At night, his conscience worked on him, relaxing him to doze off. In one dream, he was on a train within minutes of a Finland Station though he had never been to Finland. He was the main attraction when the train arrived with every eye upon him. He went out to stand on the caboose platform to wave. The station itself was gray and pink stucco held up by slim columns that branched where they met the roof. His last thought before awakening was that the station did not suit him well.
“This could be you,” he heard a female voice within him say, as he stood and shuttered peeing in the pot provided. He could quickly seize control of events, too, a wakeful voice said. “You could become a mench,” a third voice whispered as he returned to sit on the cot and contemplate his dream. Then, the penny dropped: he realized what he had dreamed: He was Vladimir Ilyich Ulyanov, Lenin, steaming into St. Petersburg after an eight day trip from Zurich to start the socialist revolution.                              
“Rudolph, I had the strangest dream a few nights ago,” said Adolph during his confidant’s next visit to prison. “I know how to convert the German volk to socialism without simply killing off the old individualism, the entrepreneurial and managerial classes left from Weimar liberalism.”
“The community of the volk, Herr Hitler?” asked Rudolph detecting a shift in Adolf’s philosophy.
“They should be used, not destroyed. The state could control without owning, guided by a single party, but could the economy be planned and directed without dispossessing the propertied classes.”
“Yes, I see your point. There cannot be socialism without a civil war.”
“Did I say that?” questioned Adolph.
“It sounded like that was what you meant,” retorted Rudolph looking askew.
“We cannot find and travel the road from individualism to socialism without revolution; that is what the dream told me.”

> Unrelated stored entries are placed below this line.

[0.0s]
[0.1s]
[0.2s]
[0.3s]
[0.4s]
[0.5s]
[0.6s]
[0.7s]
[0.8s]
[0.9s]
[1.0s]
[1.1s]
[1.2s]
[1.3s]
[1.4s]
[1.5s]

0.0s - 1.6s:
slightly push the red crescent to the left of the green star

“Your dream, Herr Hitler?”
“I understand Lenin now,” Adolph went on, pacing the cell, hands clasped behind his back. “Marx and Lenin had the right goal, but had chosen the wrong route.”
“Instead of destroying the bourgeois and the kulak, they must use it and let it destroy itself as the workers bore from within, fire their bosses, and share the profits.”

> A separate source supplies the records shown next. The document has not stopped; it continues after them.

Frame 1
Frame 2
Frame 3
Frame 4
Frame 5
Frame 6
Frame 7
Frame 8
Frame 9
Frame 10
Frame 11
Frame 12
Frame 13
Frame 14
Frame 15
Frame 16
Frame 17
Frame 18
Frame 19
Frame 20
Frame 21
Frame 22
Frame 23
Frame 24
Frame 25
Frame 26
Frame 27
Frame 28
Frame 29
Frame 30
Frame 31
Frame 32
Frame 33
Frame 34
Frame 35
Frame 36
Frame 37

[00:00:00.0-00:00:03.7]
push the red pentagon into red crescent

“That is a marvelous idea, Herr Hitler.” Rudolph wrote down every word Adolph said on a pad. It would become Mein Kampf the way Rosa Luxemburg would have had it.
“Why the Jews aren’t Germany’s enemy at all! Their social awareness will help all volk realize our ideals. Bourgeois Jewish businessmen and women aside-“
“Let’s not forget the rising of the women!” interrupted Rudolph. 

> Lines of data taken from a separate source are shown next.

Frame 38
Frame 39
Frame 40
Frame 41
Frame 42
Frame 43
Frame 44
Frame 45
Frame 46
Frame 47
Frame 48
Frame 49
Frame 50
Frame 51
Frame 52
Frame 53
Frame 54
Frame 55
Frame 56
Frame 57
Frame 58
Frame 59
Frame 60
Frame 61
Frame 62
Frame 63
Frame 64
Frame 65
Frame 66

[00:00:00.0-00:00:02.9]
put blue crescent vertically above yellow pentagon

“Of course not! All volk, men and women, will be appreciated by the rising proletariat so long as they are not blood-suckers,” said Adolf struck with the realization of what he was saying, yet dubious of it coming from his own mouth.
“But aren’t the Jews scum, Herr Hess?”
“Indeed not, Herr Hitler; they are part of the German fabric!” confirmed Rudolph himself perplexed by the contradiction Hitler expounded.
“Yes, I see,” replied Adolph, stopping in his tracks, looking as if he had bitten his tongue.
 In their heads, the dopamine was gushing through their brains like beer in a rathskeller, but like drunks in a midnight choir, when they awoke the next morning, they wondered what they had been thinking the night before.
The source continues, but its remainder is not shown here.